Бывает, что поэты и художники оказываются прозорливее учёных и философов. Они докапываются до истины через сферу эмоций и чувств, однако не умеют делать правильные выводы. «Нет, весь я не умру» — сказано метко и точно ещё в те времена, когда о мемориуме даже не догадывались. Великий поэт интуитивно сообразил, что личность человека, его «я» не концентрируется в конкретном физическом теле, а размазывается по окружающему миру. «Я» — это не только конкретный Вася-Саша-Коля, но и частично его дети, друзья, родные, близкие. Более того, личность человека отражается в написанных картинах, сочинённой музыке, книгах, доме, который он построил, учениках, которых он воспитал. Чем ярче человек, тем сильнее он проникает в других, «пропитывая» собой больше и больше людей. И умирает тогда он не весь, а только его часть, связанная с физическим телом. «Остатки» личности продолжают жить в потомках, памяти, делах и шедеврах.

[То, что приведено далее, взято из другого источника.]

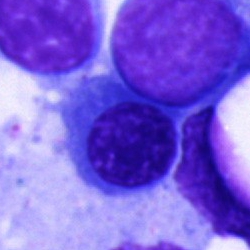
Q: Identify the cell.
A: This is an erythroblast.
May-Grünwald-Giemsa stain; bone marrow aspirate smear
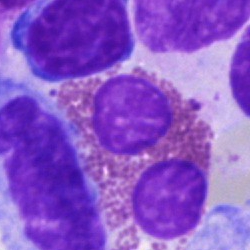Q: What type of cell is this?
A: Eosinophilic granulocyte.
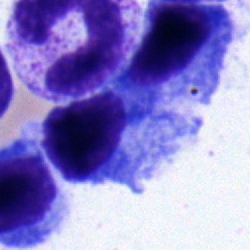
Morphology → plasmacyte.
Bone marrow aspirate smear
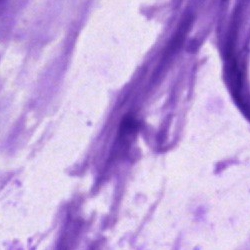 Cell: artifact.
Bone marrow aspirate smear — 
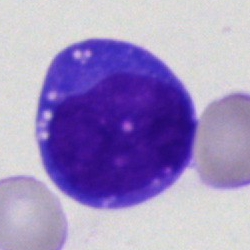

The cell shown is a blast.
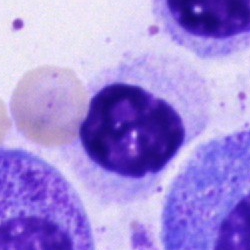 This is an unidentifiable cell.
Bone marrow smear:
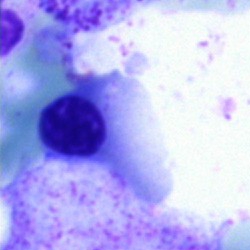 {"cell_type": "nucleated red blood cell", "lineage": "erythroid"}
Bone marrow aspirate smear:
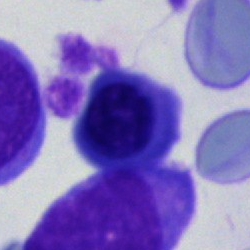
{"cell_type": "normoblast"}
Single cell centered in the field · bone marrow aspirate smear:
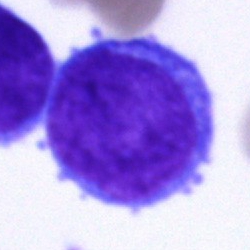

A blast cell.
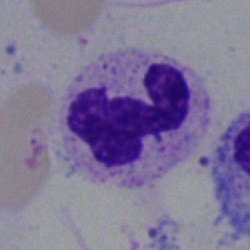

Q: What type of cell is this?
A: Segmented neutrophil.
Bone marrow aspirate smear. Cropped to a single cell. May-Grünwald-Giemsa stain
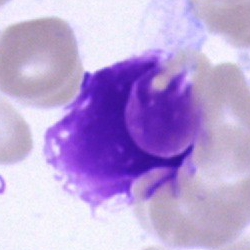
Cell — artefact.
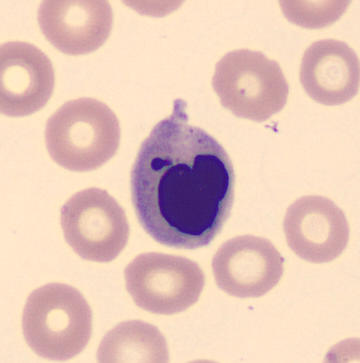 Impression — nucleated red blood cell. Peripheral blood film.
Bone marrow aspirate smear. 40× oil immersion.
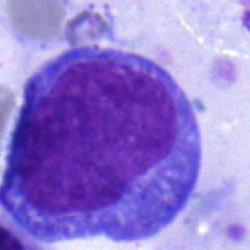 The cell is progranulocyte.
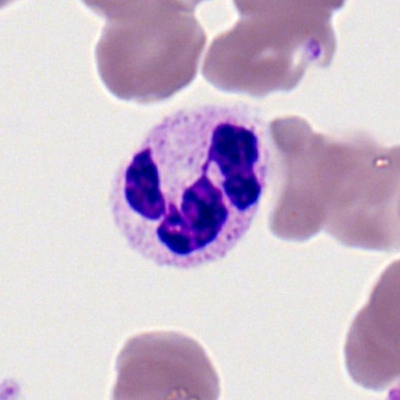
Peripheral blood film, single cell — neutrophil (segmented).
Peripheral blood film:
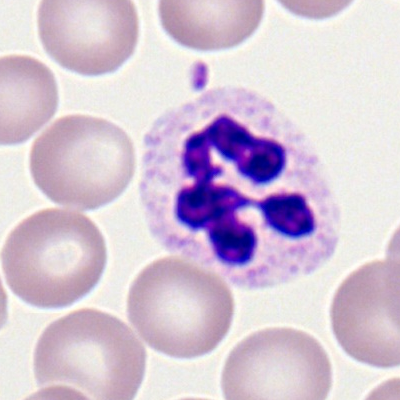 Q: Which cell type is shown here?
A: Polymorphonuclear neutrophil.
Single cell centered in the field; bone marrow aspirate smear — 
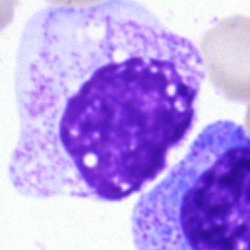This is a myelocyte.
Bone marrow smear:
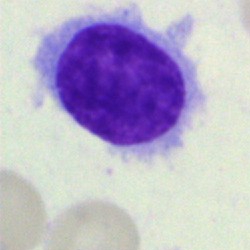

Impression — hairy cell.
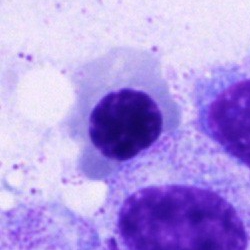 Specimen: bone marrow aspirate smear.
Cell type: erythroblast.
Lineage: erythroid.
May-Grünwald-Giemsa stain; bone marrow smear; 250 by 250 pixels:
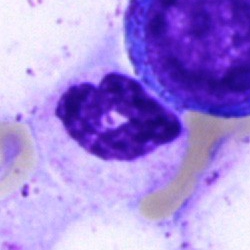Impression — segmented neutrophil.
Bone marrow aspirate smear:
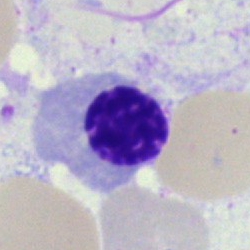The morphological class is nucleated red blood cell.
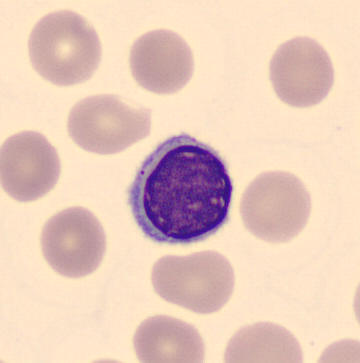 Preparation: Single-cell crop; 360×363; peripheral blood film. Cell type — typical lymphocyte.
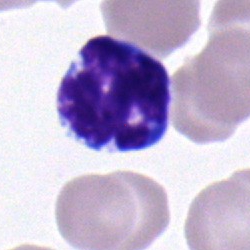
Specimen: bone marrow smear.
Cell type: lymphocyte.
Lineage: lymphoid.
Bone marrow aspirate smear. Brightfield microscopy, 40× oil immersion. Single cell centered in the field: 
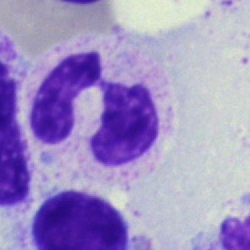
Impression → neutrophil (segmented).
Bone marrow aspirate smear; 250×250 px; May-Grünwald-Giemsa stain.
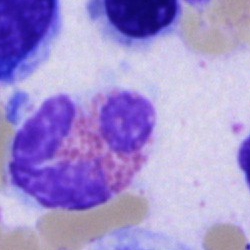

Single cell identified as an eosinophilic granulocyte.
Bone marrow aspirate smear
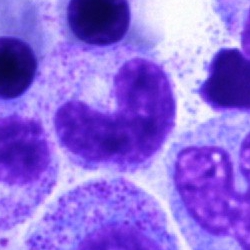
Showing a neutrophil (band).
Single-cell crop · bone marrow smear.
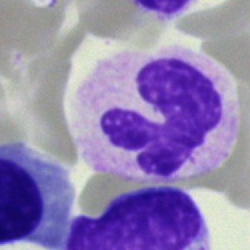A neutrophil (segmented).
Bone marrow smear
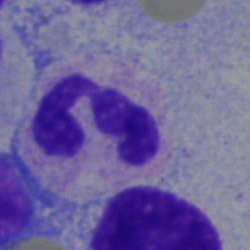

Cell — segmented neutrophil.
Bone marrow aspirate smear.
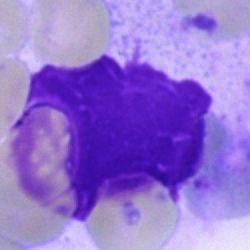An artifact.
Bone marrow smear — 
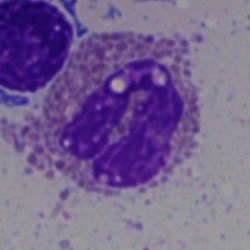 Q: What is the morphological classification of this cell?
A: Eosinophil.
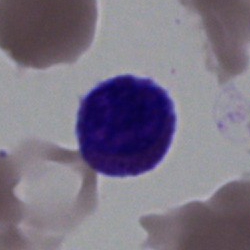
Morphological class: lymphocyte.
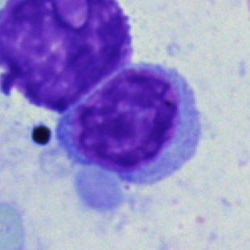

Ошибались мыслители, и верующие и атеисты: жизни после смерти нет, но и абсолютной пустоты тоже нет. А есть какая-то странная форма квазибытия, когда ты существуешь в памяти других людей, словно компьютерная программа, записанная на сотни компакт-дисков или флешек. У тебя теперь нет физического тела, но есть следы, которые ты оставил в памяти людей и в истории. Это и есть твоя новая форма «существования», квазижизнь после смерти физического тела.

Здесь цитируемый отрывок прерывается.